6. Conclusive Remarks

Episodic LF sequences can occur in two different structural conditions: (1) at the summit of well–established, open–vent eruptive conduits; (2) along new eruptive fissures, giving rise to flank eruptions. The development in time of these episodic sequences is thus related to the emptying of a shallow storage feeding the summit conduit in the first case or to the spreading of the feeder dike, eventually leading to an effusive phase, in the second one. The case we described in this paper is related to Etna’s summit crater VOR, and we speculate that episodic LFs at this crater end once the shallow storage is tapped. Our results indicate that the volume of this shallow storage is ~12–15 Mm³. It is thus possible that one or two additional paroxysmal explosive episodes could occur in the future. It is remarkable that an additional paroxysmal event occurred at VOR on 10 November 2024 after this paper was submitted, thus confirming that our hypothesis was correct.

When considering episodic LFs occurring at the summit of a volcano, there are two available models [51]. These refer to the following events: (i) the collapse of a foam layer previously accumulated at the roof of a shallow chamber; (ii) a pulsed supply from the depths. The collapse of the foam layer (i) could possibly lead to a prediction of the lava fountain sequences once started, provided that the volume of each event is calculated. In this case, once the storage volume has erupted, there is no more magma available for more LF episodes. Conversely, in the case of a pulsed supply (ii), the duration of the episodic LF sequences would be governed by the rise of gas–rich magma from the depths and is thus, at the moment, difficult to predict, as [53] proposed for the LF sequences of the SEC occurring during the last few decades.
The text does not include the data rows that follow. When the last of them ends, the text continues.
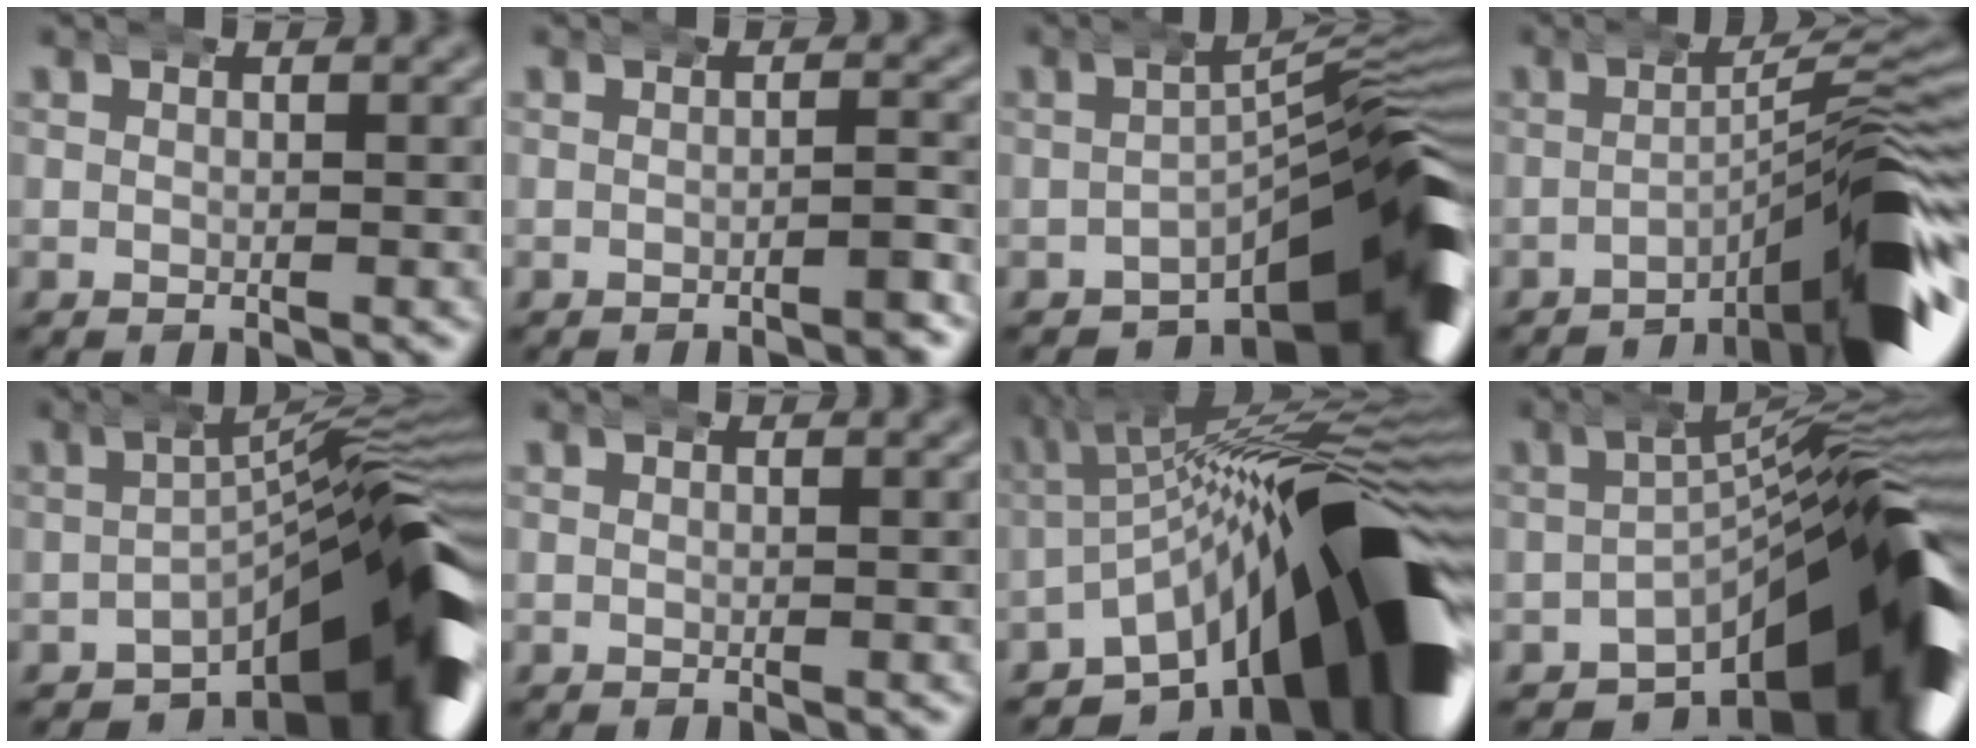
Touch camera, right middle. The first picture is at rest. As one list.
[{"total": 1.4, "force": [-0.9, 0.3, 1.0], "torque": [-0.012, 0.004, -0.021]}, {"total": 16.5, "force": [-6.7, 7.0, 13.3], "torque": [-0.132, -0.012, -0.088]}, {"total": 9.1, "force": [-4.0, 1.6, 8.0], "torque": [-0.099, 0.008, -0.060]}, {"total": 16.7, "force": [-6.7, 6.8, 13.8], "torque": [-0.144, -0.010, -0.091]}, {"total": 0.0}, {"total": 22.0, "force": [-5.9, 9.9, 18.8], "torque": [-0.254, -0.016, -0.081]}, {"total": 18.6, "force": [-7.2, 7.9, 15.2], "torque": [-0.165, -0.015, -0.093]}]
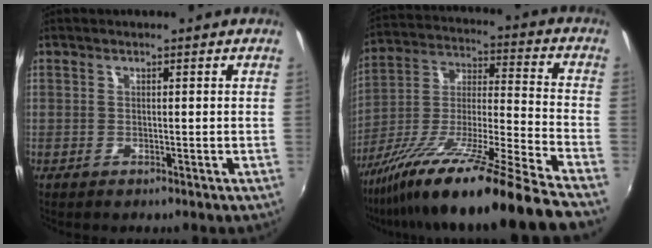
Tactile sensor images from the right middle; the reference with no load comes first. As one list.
[{"total": 24.9, "force": [-19.7, -1.9, 15.2], "torque": [-0.237, -0.062, -0.334]}]
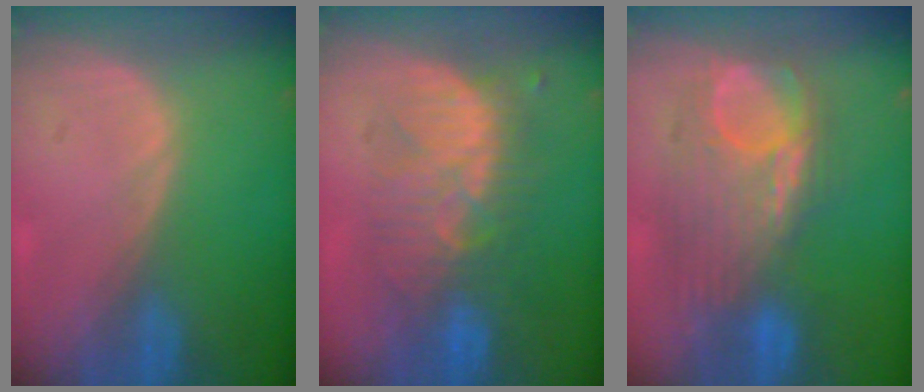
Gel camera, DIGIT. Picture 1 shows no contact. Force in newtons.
{"total": 8.7, "press": 8.7, "slide": 0.8}
{"total": 9.6, "press": 9.4, "slide": 2.1}
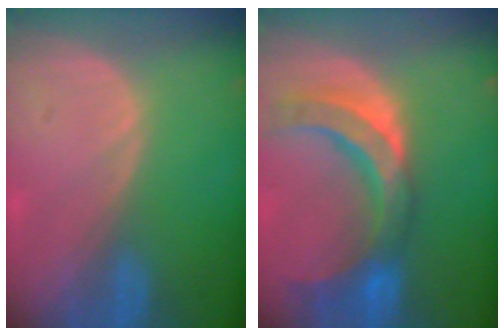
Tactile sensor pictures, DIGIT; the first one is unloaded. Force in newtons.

Although a comprehensive mathematical model for interpreting LF sequences is not yet available, the methods and analyses presented here lay a strong foundation for advancing both the understanding and the forecasting of such phenomena. These initial findings highlight the potential for developing predictive tools that can enhance hazard assessment and response strategies. Future work will focus on refining these approaches to increase their accuracy and applicability in real–time monitoring systems, paving the way towards quantitative models that support a more effective hazard forecasting.